[AIM OF THE EXERCISE]:
Set down all the entries again, word for word.

[SUPPLIED INFORMATION]:
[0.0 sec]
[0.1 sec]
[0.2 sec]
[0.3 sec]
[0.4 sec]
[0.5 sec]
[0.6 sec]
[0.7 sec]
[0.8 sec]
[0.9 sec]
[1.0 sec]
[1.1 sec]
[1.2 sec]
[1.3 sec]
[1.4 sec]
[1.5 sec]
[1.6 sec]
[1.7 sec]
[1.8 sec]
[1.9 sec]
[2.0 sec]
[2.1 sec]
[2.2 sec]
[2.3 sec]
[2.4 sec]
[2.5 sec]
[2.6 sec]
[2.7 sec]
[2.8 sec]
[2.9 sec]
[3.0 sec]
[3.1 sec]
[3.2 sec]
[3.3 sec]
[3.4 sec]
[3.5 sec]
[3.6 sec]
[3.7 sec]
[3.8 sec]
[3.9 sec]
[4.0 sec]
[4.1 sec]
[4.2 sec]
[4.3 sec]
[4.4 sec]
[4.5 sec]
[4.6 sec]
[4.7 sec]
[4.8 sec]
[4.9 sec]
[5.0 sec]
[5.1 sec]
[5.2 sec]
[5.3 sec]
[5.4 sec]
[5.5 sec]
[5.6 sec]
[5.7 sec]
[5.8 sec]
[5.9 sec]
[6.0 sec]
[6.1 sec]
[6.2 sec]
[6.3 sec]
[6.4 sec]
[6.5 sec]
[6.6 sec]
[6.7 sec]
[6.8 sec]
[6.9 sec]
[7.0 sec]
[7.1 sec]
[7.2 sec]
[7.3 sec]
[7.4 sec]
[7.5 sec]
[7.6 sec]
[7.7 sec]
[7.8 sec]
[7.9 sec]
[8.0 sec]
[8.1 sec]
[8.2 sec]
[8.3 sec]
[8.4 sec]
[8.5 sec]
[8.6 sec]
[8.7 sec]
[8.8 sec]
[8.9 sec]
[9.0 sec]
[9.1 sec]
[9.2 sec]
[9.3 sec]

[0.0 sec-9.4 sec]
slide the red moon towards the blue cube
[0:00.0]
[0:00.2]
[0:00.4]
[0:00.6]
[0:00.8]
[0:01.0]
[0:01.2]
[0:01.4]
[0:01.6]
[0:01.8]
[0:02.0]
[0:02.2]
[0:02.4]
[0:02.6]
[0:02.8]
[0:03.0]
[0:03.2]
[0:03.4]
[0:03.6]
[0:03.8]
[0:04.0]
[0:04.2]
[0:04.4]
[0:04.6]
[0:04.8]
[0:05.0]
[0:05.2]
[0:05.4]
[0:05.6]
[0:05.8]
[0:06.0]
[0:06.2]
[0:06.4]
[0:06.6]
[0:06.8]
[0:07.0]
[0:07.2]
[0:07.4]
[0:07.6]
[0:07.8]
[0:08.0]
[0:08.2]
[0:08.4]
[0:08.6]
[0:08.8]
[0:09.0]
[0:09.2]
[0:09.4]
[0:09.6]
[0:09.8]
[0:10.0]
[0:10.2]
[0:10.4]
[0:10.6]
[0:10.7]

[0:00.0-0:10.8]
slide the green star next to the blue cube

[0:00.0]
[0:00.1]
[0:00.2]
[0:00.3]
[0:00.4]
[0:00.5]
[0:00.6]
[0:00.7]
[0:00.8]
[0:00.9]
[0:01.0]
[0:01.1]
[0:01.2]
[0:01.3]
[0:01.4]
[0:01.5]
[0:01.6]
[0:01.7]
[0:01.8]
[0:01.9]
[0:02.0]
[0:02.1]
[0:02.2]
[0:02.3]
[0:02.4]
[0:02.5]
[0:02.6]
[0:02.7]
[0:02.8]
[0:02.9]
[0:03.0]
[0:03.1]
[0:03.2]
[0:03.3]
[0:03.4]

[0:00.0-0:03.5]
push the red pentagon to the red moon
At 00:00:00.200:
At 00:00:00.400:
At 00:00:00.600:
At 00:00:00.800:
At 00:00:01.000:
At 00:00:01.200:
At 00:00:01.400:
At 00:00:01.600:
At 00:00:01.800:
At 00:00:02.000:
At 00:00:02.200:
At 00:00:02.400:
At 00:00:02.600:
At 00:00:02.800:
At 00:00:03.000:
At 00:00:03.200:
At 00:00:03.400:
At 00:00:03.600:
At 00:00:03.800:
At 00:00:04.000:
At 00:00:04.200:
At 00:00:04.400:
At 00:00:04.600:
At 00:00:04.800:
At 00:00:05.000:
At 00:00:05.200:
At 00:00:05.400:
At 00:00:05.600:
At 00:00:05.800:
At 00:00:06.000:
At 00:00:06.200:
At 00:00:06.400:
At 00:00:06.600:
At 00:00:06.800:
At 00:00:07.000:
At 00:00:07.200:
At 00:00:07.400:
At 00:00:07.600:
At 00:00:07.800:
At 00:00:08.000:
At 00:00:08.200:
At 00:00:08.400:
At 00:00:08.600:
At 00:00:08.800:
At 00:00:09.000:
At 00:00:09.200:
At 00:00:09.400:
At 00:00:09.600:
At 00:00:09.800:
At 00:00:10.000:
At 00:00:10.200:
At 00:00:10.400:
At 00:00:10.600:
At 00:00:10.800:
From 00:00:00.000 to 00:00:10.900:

[SOLUTION BELOW]:
[0.0 sec]
[0.1 sec]
[0.2 sec]
[0.3 sec]
[0.4 sec]
[0.5 sec]
[0.6 sec]
[0.7 sec]
[0.8 sec]
[0.9 sec]
[1.0 sec]
[1.1 sec]
[1.2 sec]
[1.3 sec]
[1.4 sec]
[1.5 sec]
[1.6 sec]
[1.7 sec]
[1.8 sec]
[1.9 sec]
[2.0 sec]
[2.1 sec]
[2.2 sec]
[2.3 sec]
[2.4 sec]
[2.5 sec]
[2.6 sec]
[2.7 sec]
[2.8 sec]
[2.9 sec]
[3.0 sec]
[3.1 sec]
[3.2 sec]
[3.3 sec]
[3.4 sec]
[3.5 sec]
[3.6 sec]
[3.7 sec]
[3.8 sec]
[3.9 sec]
[4.0 sec]
[4.1 sec]
[4.2 sec]
[4.3 sec]
[4.4 sec]
[4.5 sec]
[4.6 sec]
[4.7 sec]
[4.8 sec]
[4.9 sec]
[5.0 sec]
[5.1 sec]
[5.2 sec]
[5.3 sec]
[5.4 sec]
[5.5 sec]
[5.6 sec]
[5.7 sec]
[5.8 sec]
[5.9 sec]
[6.0 sec]
[6.1 sec]
[6.2 sec]
[6.3 sec]
[6.4 sec]
[6.5 sec]
[6.6 sec]
[6.7 sec]
[6.8 sec]
[6.9 sec]
[7.0 sec]
[7.1 sec]
[7.2 sec]
[7.3 sec]
[7.4 sec]
[7.5 sec]
[7.6 sec]
[7.7 sec]
[7.8 sec]
[7.9 sec]
[8.0 sec]
[8.1 sec]
[8.2 sec]
[8.3 sec]
[8.4 sec]
[8.5 sec]
[8.6 sec]
[8.7 sec]
[8.8 sec]
[8.9 sec]
[9.0 sec]
[9.1 sec]
[9.2 sec]
[9.3 sec]

[0.0 sec-9.4 sec]
slide the red moon towards the blue cube
[0:00.0]
[0:00.2]
[0:00.4]
[0:00.6]
[0:00.8]
[0:01.0]
[0:01.2]
[0:01.4]
[0:01.6]
[0:01.8]
[0:02.0]
[0:02.2]
[0:02.4]
[0:02.6]
[0:02.8]
[0:03.0]
[0:03.2]
[0:03.4]
[0:03.6]
[0:03.8]
[0:04.0]
[0:04.2]
[0:04.4]
[0:04.6]
[0:04.8]
[0:05.0]
[0:05.2]
[0:05.4]
[0:05.6]
[0:05.8]
[0:06.0]
[0:06.2]
[0:06.4]
[0:06.6]
[0:06.8]
[0:07.0]
[0:07.2]
[0:07.4]
[0:07.6]
[0:07.8]
[0:08.0]
[0:08.2]
[0:08.4]
[0:08.6]
[0:08.8]
[0:09.0]
[0:09.2]
[0:09.4]
[0:09.6]
[0:09.8]
[0:10.0]
[0:10.2]
[0:10.4]
[0:10.6]
[0:10.7]

[0:00.0-0:10.8]
slide the green star next to the blue cube

[0:00.0]
[0:00.1]
[0:00.2]
[0:00.3]
[0:00.4]
[0:00.5]
[0:00.6]
[0:00.7]
[0:00.8]
[0:00.9]
[0:01.0]
[0:01.1]
[0:01.2]
[0:01.3]
[0:01.4]
[0:01.5]
[0:01.6]
[0:01.7]
[0:01.8]
[0:01.9]
[0:02.0]
[0:02.1]
[0:02.2]
[0:02.3]
[0:02.4]
[0:02.5]
[0:02.6]
[0:02.7]
[0:02.8]
[0:02.9]
[0:03.0]
[0:03.1]
[0:03.2]
[0:03.3]
[0:03.4]

[0:00.0-0:03.5]
push the red pentagon to the red moon
At 00:00:00.200:
At 00:00:00.400:
At 00:00:00.600:
At 00:00:00.800:
At 00:00:01.000:
At 00:00:01.200:
At 00:00:01.400:
At 00:00:01.600:
At 00:00:01.800:
At 00:00:02.000:
At 00:00:02.200:
At 00:00:02.400:
At 00:00:02.600:
At 00:00:02.800:
At 00:00:03.000:
At 00:00:03.200:
At 00:00:03.400:
At 00:00:03.600:
At 00:00:03.800:
At 00:00:04.000:
At 00:00:04.200:
At 00:00:04.400:
At 00:00:04.600:
At 00:00:04.800:
At 00:00:05.000:
At 00:00:05.200:
At 00:00:05.400:
At 00:00:05.600:
At 00:00:05.800:
At 00:00:06.000:
At 00:00:06.200:
At 00:00:06.400:
At 00:00:06.600:
At 00:00:06.800:
At 00:00:07.000:
At 00:00:07.200:
At 00:00:07.400:
At 00:00:07.600:
At 00:00:07.800:
At 00:00:08.000:
At 00:00:08.200:
At 00:00:08.400:
At 00:00:08.600:
At 00:00:08.800:
At 00:00:09.000:
At 00:00:09.200:
At 00:00:09.400:
At 00:00:09.600:
At 00:00:09.800:
At 00:00:10.000:
At 00:00:10.200:
At 00:00:10.400:
At 00:00:10.600:
At 00:00:10.800:
From 00:00:00.000 to 00:00:10.900:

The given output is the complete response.